# taz.de -- Kolumne Erwachsen: Suche den Herrn, nicht die Herren
       
       > Der Papst will nicht über Homosexuelle richten, sagt er. Aber zwischen
       > den Zeilen bleibt es dabei: Geschnackselt werden darf nur zwischen Mann
       > und Frau.
       
 (IMG) Bild: Unerotisch: der Papst.
       
       Es steht der Jugend wohlan, am „Weltjugendtag“ zuhauf an die Copacabana zu
       strömen, um dem heiligen „Papa“ zu huldigen. So wie sie sich auch
       kreischend vor dem Hotel versammeln, in dem Justin Bieber nächtigt.

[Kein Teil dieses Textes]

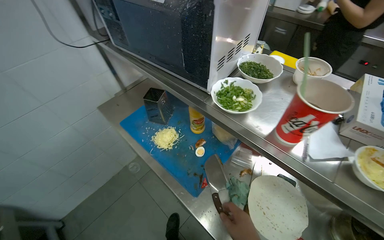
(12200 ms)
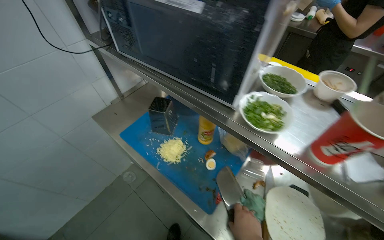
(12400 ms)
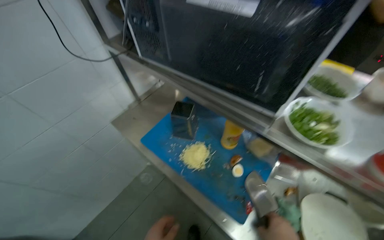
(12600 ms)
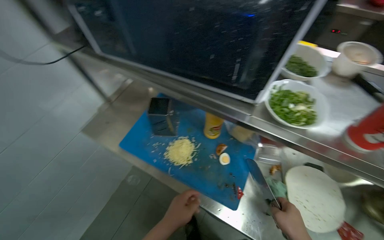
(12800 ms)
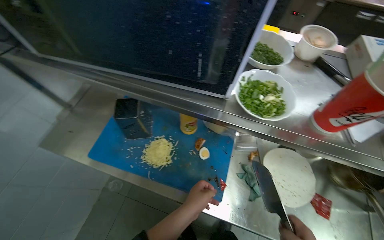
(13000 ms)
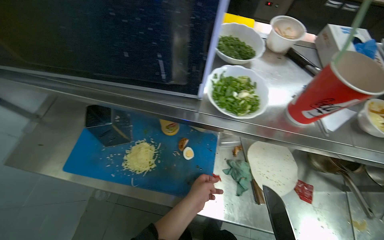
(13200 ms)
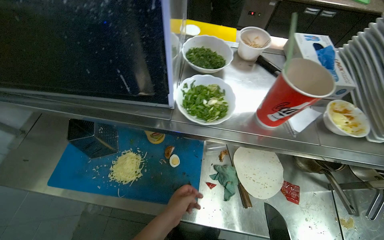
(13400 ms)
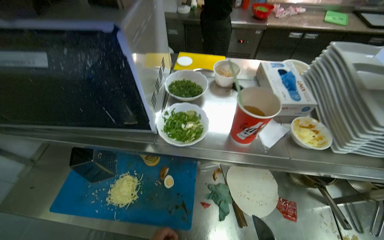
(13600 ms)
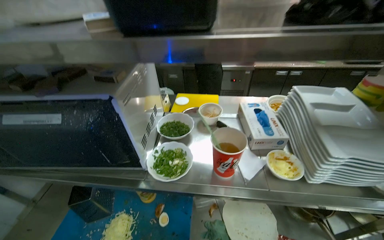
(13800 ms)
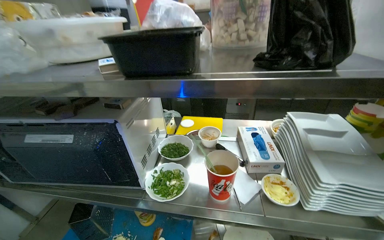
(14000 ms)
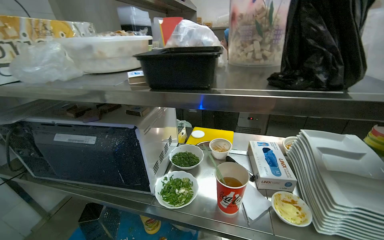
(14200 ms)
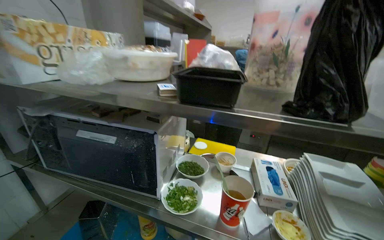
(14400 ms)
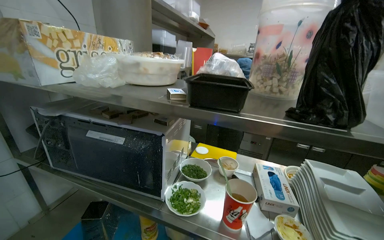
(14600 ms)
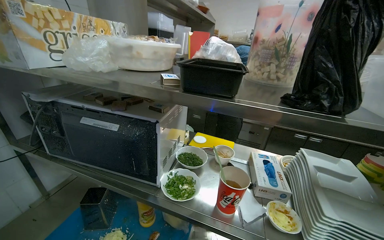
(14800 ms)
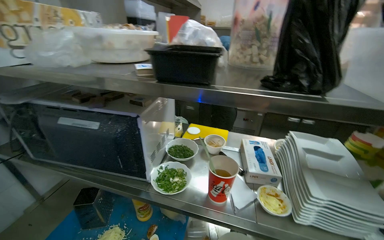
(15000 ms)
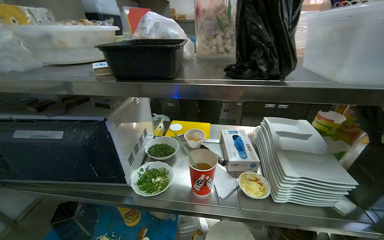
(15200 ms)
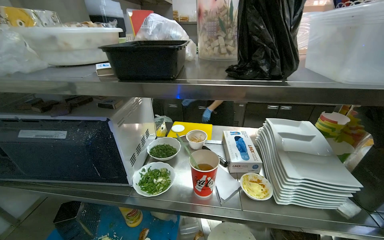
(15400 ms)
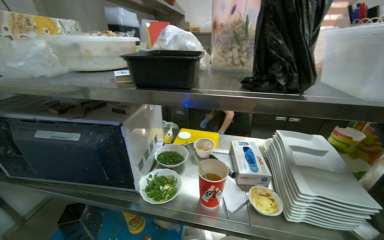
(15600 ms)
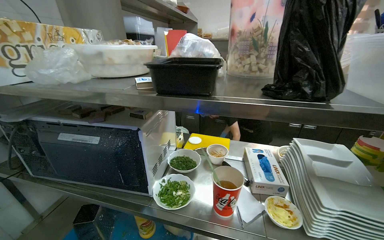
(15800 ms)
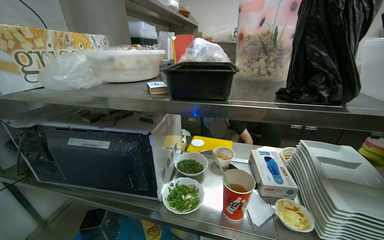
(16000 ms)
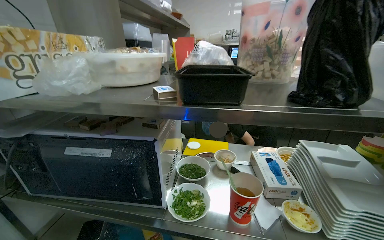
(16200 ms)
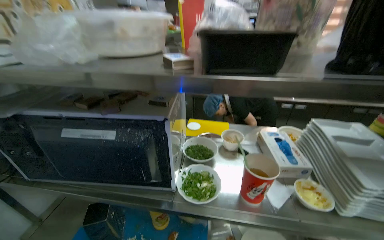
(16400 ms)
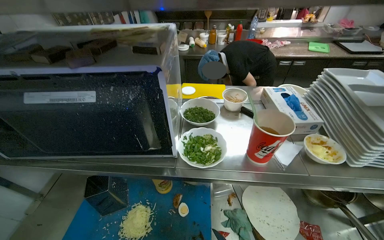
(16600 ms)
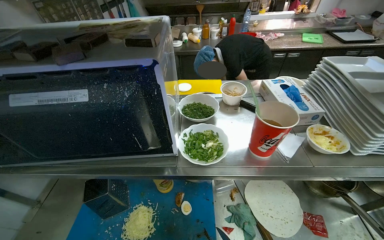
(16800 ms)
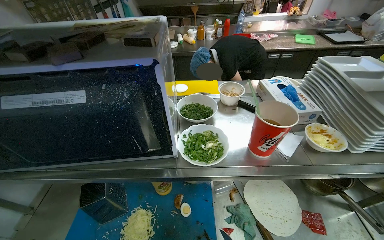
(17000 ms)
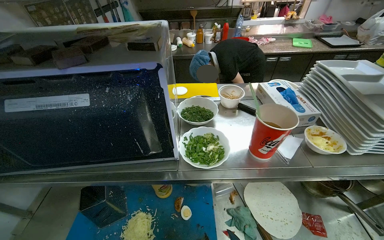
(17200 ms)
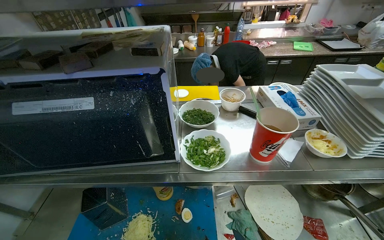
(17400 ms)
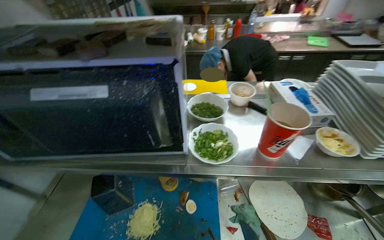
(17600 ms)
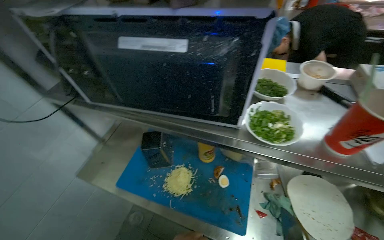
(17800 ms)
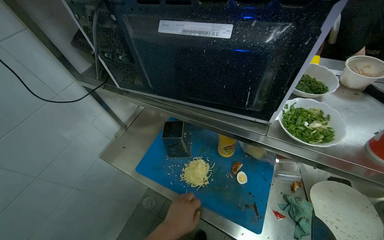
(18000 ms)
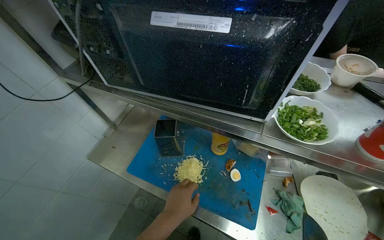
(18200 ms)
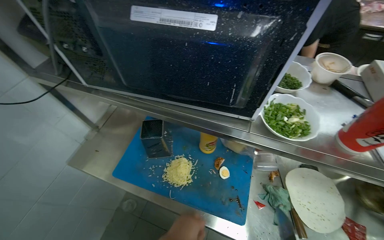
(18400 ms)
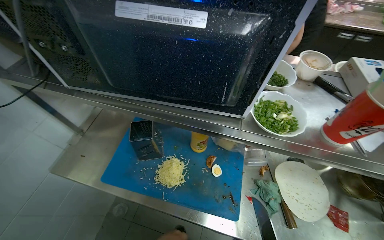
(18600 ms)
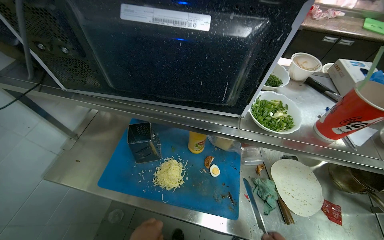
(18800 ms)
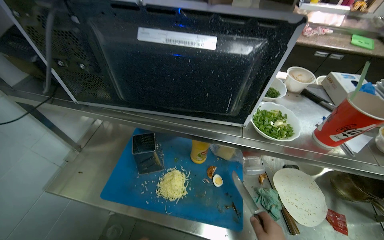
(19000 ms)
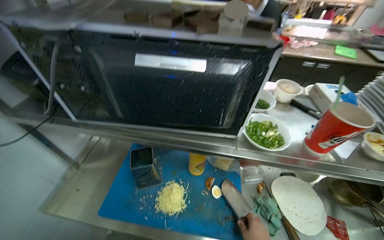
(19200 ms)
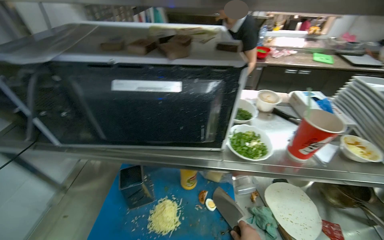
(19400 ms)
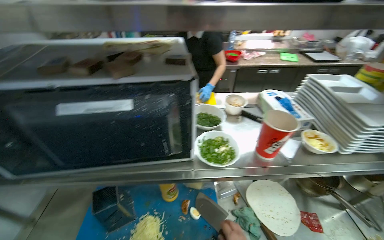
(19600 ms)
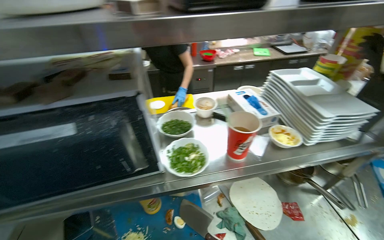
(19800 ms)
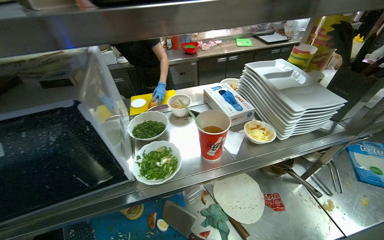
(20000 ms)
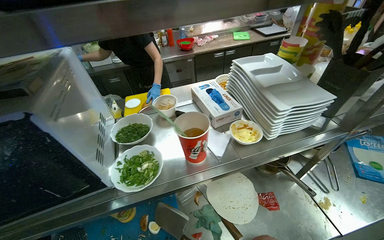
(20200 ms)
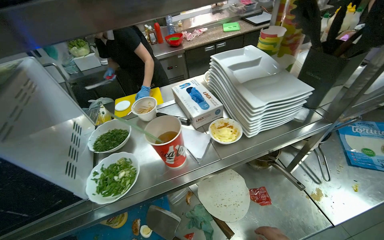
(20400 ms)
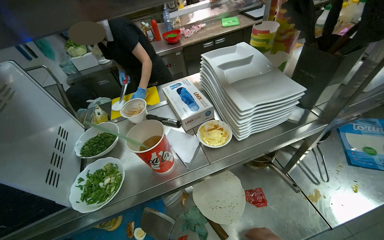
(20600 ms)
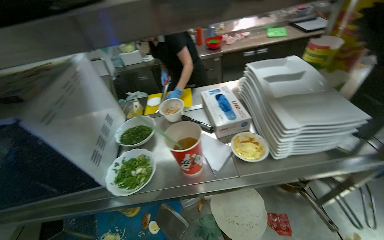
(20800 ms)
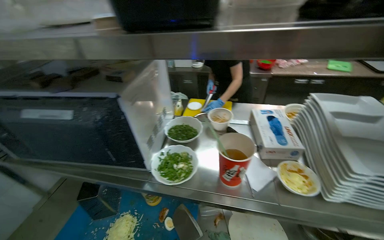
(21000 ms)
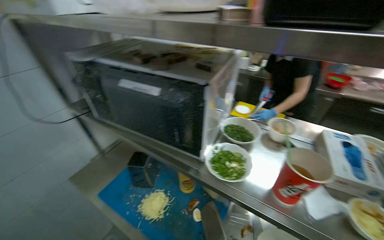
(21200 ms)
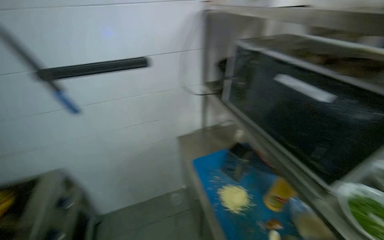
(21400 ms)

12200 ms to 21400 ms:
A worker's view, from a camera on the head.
Job: cooking food.
The whole recording: Cooking vegetables in pan. The worker adds sliced vegetables to a pan, stirs them, and seasons them on the stove.
12200 ms to 13800 ms: The head rotates about 35 degrees to the right. The view tilts some 10 degrees upward.
15200 ms to 16800 ms: The view tilts some 15 degrees downward.
16800 ms to 18400 ms: The wearer looks about 10 degrees further downward.
18400 ms to 19800 ms: The head rotates some 30 degrees to the right. The camera pitches upward, by roughly 15 degrees.
19800 ms to 21400 ms: The head turns to the left by approximately 80 degrees.

       Begeisterungsfähigkeit gehört zu dieser Phase des Lebens wie straffes
       Bindegewebe und der Hang zu übersüßten Getränken, die Erwachsenen hingegen
       – mögen sie auch lediglich der Schotter sein auf den Zukunftspfaden der
       Jugend – trinken lieber bedacht eine herben Schluck Wein, anstatt mit einem
       Becher Bubble Tea in der Hand in Euphorie zu versinken.
       
       Genau aus diesem Grund ist nun der Erwachsene gehalten, mit beiden Füßen
       auf dem Teppich zu bleiben angesichts der neuesten Äußerungen von Papst
       Franziskus: „Wenn jemand schwul ist und den Herrn sucht und dabei guten
       Willen beweist, wer bin ich, dass ich richte?“.
       
       Dieser Satz bedeutet nun keineswegs, dass im Vatikan die Regenbogenflagge
       gehisst wird und Alcopops an Homos verteilt werden, vielmehr bewegt sich
       auch der jetzige Papst – eigentlich selbstverständlich – auf der ehernen
       Grundlage des Katechismus.
       
       Nein, Homosexuelle sollen nicht diskriminiert und an den Rand gedrängt
       werden, auch sie sind ja schließlich Menschen. Nein, nicht die homosexuelle
       „Neigung“ sei eine Sünde, sondern der homosexuelle Akt an sich. Nichts
       anderes hatte schon Vorgänger Joseph Ratzinger postuliert, wenn auch in
       etwas harscherer Form („contra naturam“).
       
       Übersetzt bedeutet dies, dass man sich als Homosexueller nur dann auf der
       richtigen Seite befindet, wenn man zwar den Herrn sucht, nicht aber Herren,
       mit denen man sich geschlechtlich auszutauschen wünscht.
       
       ## Konzil statt warme Worte
       
       Aus der römischen Zentralverwaltung humaner Sexualität also nichts Neues:
       Geschnackselt werden darf auch zwischen Mann und Frau nur zu Zwecken der
       Reproduktion. Und selbstverständlich sind, Papst Franziskus erklärte es im
       selben Atemzug, Frauen auch weiterhin von der Ordination ausgeschlossen.
       Tür zu, Licht aus.
       
       Falls sich die katholische Kirche eines Tages wirklich zu weitgreifenden
       Anpassungen an die Moderne entschließen wollte, dann bedürfte es der
       Einberufung eines Konzils anstatt warmer Worte eines freundlichen alten
       Herrn. Worte, die so warm dann übrigens gar nicht sind in Bezug auf die
       Homosexuellen. Garstiges, gieriges, schreckliches „Lobbying“ würden diese
       betreiben. Spätestens ab diesem Punkt wird deutlich, dass es einfach nichts
       bringt, an den Weihnachtsmann zu glauben: Homosexuelle sollen also nicht
       nur auf die Ausübung ihrer Sexualität verzichten, sondern bitte schön auch
       davon absehen, sich politisch zu organisieren, um für ihre Rechte
       einzutreten.
       
       Angesichts solch kruder Aussagen in Begeisterung auszubrechen ist ungefähr
       so sinnvoll wie ein Wutausbruch angesichts des neuesten Bushido-Videos.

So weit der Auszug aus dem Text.